Я тогда стоял в церкви. В селе, под Львовом, проходила поминальная литургия. Умерла женщина из моей семьи.
Печальный и дождливый день. Священник вел себя удивительно строго и формалистически. Казалось бы, управляемый собственными религиозными противоречиями, я должен чувствовать злорадство от его неразумного поведения. Это ощущение, наконец, зашевелилось внутри, но ... медленно ... угасало.
Я видел сельских бабушек и дедушек, которые стояли в церкви, возможно , думая про собственную очередь на кладбище. Видел бедно одетых детей, почему-то внимательно и даже немного удивленно меня рассматривавших - наверное, что-то в моей внешности показалось им слишком интересным или и подозрительным :)
И эти люди, без особых дресс-кодов и искусственных поведенческих моделей, эти тихие идилические сельские пейзажи, чуть присыпанные пылью летней засухи, эти синие небеса, удерживаемые невидимыми Атлантами духа, что-то вдруг сдвинули внутри моего замертвевшего естества.
Я ощутил, что растворяюсь в душах этих прихожан и родственников. И я уже откуда-то знал каждую историю их жизни. И видел то, что было в прошлом этой местности. Чувствовал биение десятков тысяч живых и нерожденных сердец, которые восставали, в который раз возрождаясь из кладбищенского праха, чтобы потом снова стать прахом - и затем снова расцветать новыми жизнями.
Я взглянул на двор сквозь церковное окошко. Откуда-то медленно, с горизонта до половины свода, нарастала странная туча гармоничного цвета. Меня заливали наплывы какого-то ранее неизведанного счастья и всеблаженской любви. Хотелось целовать руки этим изношенным бабушкам. Обнимать дедушек на костылях и в их неумело заштопанных пиджаках. Хотелось носить на руках малышей, которые тоже были здесь со мной. Я чувствовал себя с ними и ими.

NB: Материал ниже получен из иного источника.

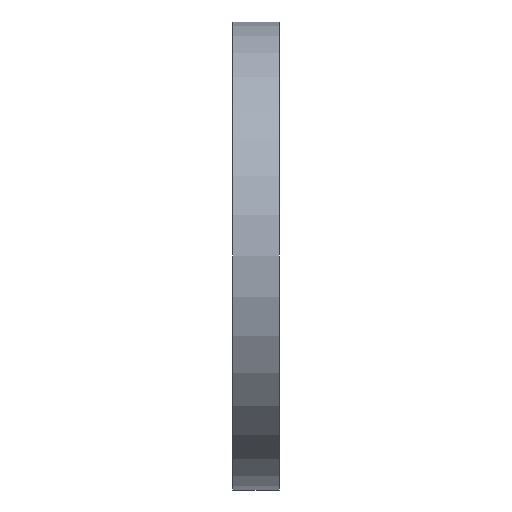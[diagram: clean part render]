
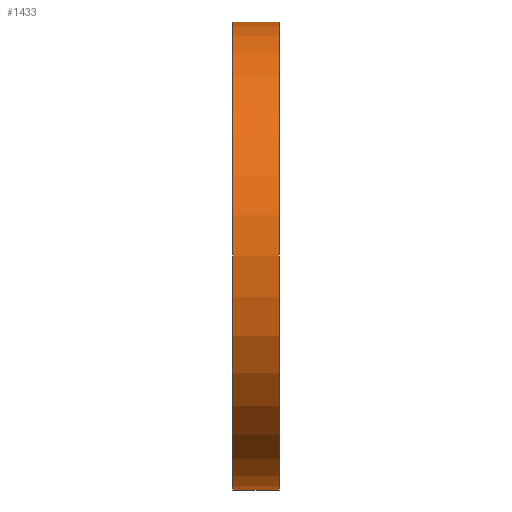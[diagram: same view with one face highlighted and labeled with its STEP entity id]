
A CAD part, left-side view. The second image highlights one B-rep face of the part: STEP entity #1433.
In plain terms, the highlighted cylindrical face has radius 30 mm (diameter 60 mm), a partial arc.
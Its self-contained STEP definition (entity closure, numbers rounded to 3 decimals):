
#3 = CARTESIAN_POINT ( 'NONE',  ( -33., 6., 0. ) ) ;
#36 = DIRECTION ( 'NONE',  ( 0., 1., 0. ) ) ;
#92 = ORIENTED_EDGE ( 'NONE', *, *, #1333, .F. ) ;
#162 = CARTESIAN_POINT ( 'NONE',  ( -33., 0., -30. ) ) ;
#286 = ORIENTED_EDGE ( 'NONE', *, *, #1298, .T. ) ;
#564 = DIRECTION ( 'NONE',  ( 0., -1., 0. ) ) ;
#568 = DIRECTION ( 'NONE',  ( 0., -1., 0. ) ) ;
#581 = DIRECTION ( 'NONE',  ( 0., 0., -1. ) ) ;
#587 = ORIENTED_EDGE ( 'NONE', *, *, #1621, .F. ) ;
#601 = DIRECTION ( 'NONE',  ( 0., 0., 1. ) ) ;
#653 = VERTEX_POINT ( 'NONE', #693 ) ;
#674 = AXIS2_PLACEMENT_3D ( 'NONE', #1777, #1318, #581 ) ;
#693 = CARTESIAN_POINT ( 'NONE',  ( -33., 6., 30. ) ) ;
#737 = CYLINDRICAL_SURFACE ( 'NONE', #674, 30. ) ;
#868 = DIRECTION ( 'NONE',  ( 0., 1., 0. ) ) ;
#906 = CARTESIAN_POINT ( 'NONE',  ( -33., 6., -30. ) ) ;
#940 = CARTESIAN_POINT ( 'NONE',  ( -33., 0., 30. ) ) ;
#946 = VERTEX_POINT ( 'NONE', #906 ) ;
#1003 = CARTESIAN_POINT ( 'NONE',  ( -33., 6., -30. ) ) ;
#1135 = VERTEX_POINT ( 'NONE', #940 ) ;
#1162 = EDGE_LOOP ( 'NONE', ( #1188, #587, #92, #286 ) ) ;
#1188 = ORIENTED_EDGE ( 'NONE', *, *, #1509, .T. ) ;
#1201 = VECTOR ( 'NONE', #564, 1000. ) ;
#1210 = FACE_OUTER_BOUND ( 'NONE', #1162, .T. ) ;
#1263 = CIRCLE ( 'NONE', #1823, 30. ) ;
#1298 = EDGE_CURVE ( 'NONE', #946, #1838, #1303, .T. ) ;
#1303 = LINE ( 'NONE', #1003, #1642 ) ;
#1318 = DIRECTION ( 'NONE',  ( 0., -1., 0. ) ) ;
#1333 = EDGE_CURVE ( 'NONE', #946, #653, #1263, .T. ) ;
#1418 = CARTESIAN_POINT ( 'NONE',  ( -33., 6., 30. ) ) ;
#1433 = ADVANCED_FACE ( 'NONE', ( #1210 ), #737, .T. ) ;
#1481 = CIRCLE ( 'NONE', #1825, 30. ) ;
#1509 = EDGE_CURVE ( 'NONE', #1838, #1135, #1481, .T. ) ;
#1526 = DIRECTION ( 'NONE',  ( 0., 0., 1. ) ) ;
#1621 = EDGE_CURVE ( 'NONE', #653, #1135, #1873, .T. ) ;
#1642 = VECTOR ( 'NONE', #568, 1000. ) ;
#1675 = CARTESIAN_POINT ( 'NONE',  ( -33., 0., 0. ) ) ;
#1777 = CARTESIAN_POINT ( 'NONE',  ( -33., 6., 0. ) ) ;
#1823 = AXIS2_PLACEMENT_3D ( 'NONE', #3, #868, #601 ) ;
#1825 = AXIS2_PLACEMENT_3D ( 'NONE', #1675, #36, #1526 ) ;
#1838 = VERTEX_POINT ( 'NONE', #162 ) ;
#1873 = LINE ( 'NONE', #1418, #1201 ) ;
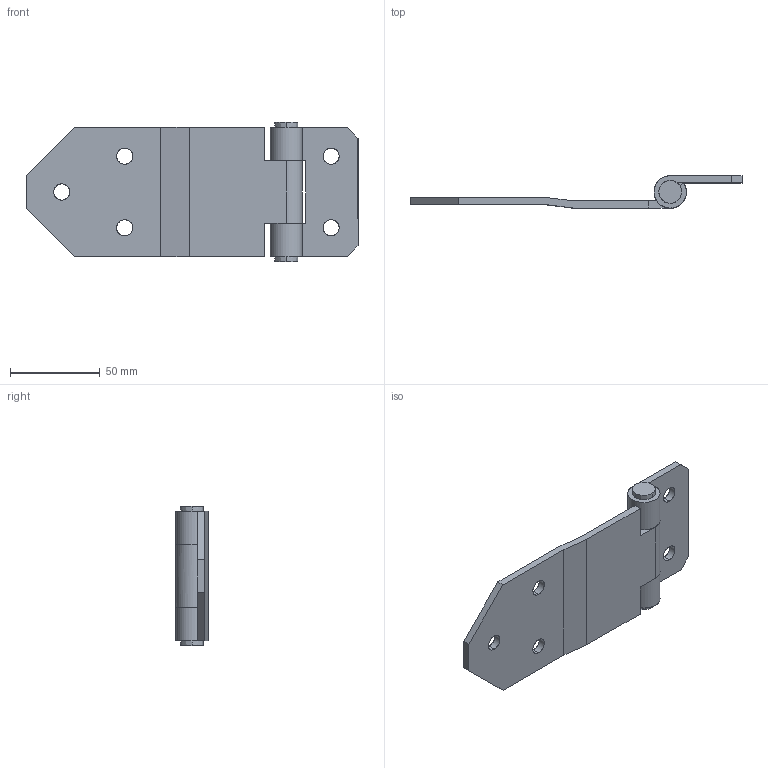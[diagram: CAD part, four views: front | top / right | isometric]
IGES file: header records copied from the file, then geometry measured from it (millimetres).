
Start section: JAMA-IS VERSION  1.0
Global section: file name: unknown; native system: SolidMX; preprocessor: V1.20; author: unknown; organization: unknown; date: 050420.084319; units: millimetre
Bounding box: 185 x 18 x 78 mm (x, y, z)
Surface area: 35049.2 mm2 (no closed solid volume)
Topology: 0 solids, 0 shells, 64 faces, 695 edges, 695 vertices
Faces by surface type: bspline 64

Мое «Я», с его кондовым индивидуализмом, растворялось в церковном своде. Я больше не чувствовал ига желаний и страха. Перестала болеть голова. Казалось, я родился заново. Безграничное счастье причастности к универсуму, не знающему ни альфы, ни омеги, хлынуло на меня, как вулкан любви, не тонкими струйками, а живой кровью катарсиса.
И когда я почувствовал страх - откуда, мол, и за что мне это просветление для одиночки, эта евхаристическая благостность, состояние единения начало медленно отползать в сторону. Умственный анализ, концепции и названия испугали это неожиданное ощущение всепричастности...
С той поры всегда, когда мне тоскливо и одиноко, когда не греют, а отталкивают эгоцентричные побуждения, я вспоминаю ту старенькую церковь, того формалистично строгого священника, что стал для меня аллегорией собственной совести. Вспоминаю тот нахлынувший вышний свет и всепрощение.
Это воспоминание хоть немного очищает от ила земных желаний, которые хоть и облегчают жизнь, но делают толстой и неповоротливой душу.
И верю, такой опыт живет в каждом из нас, независимо от нашего осознания или неприятие его тихого неземного света.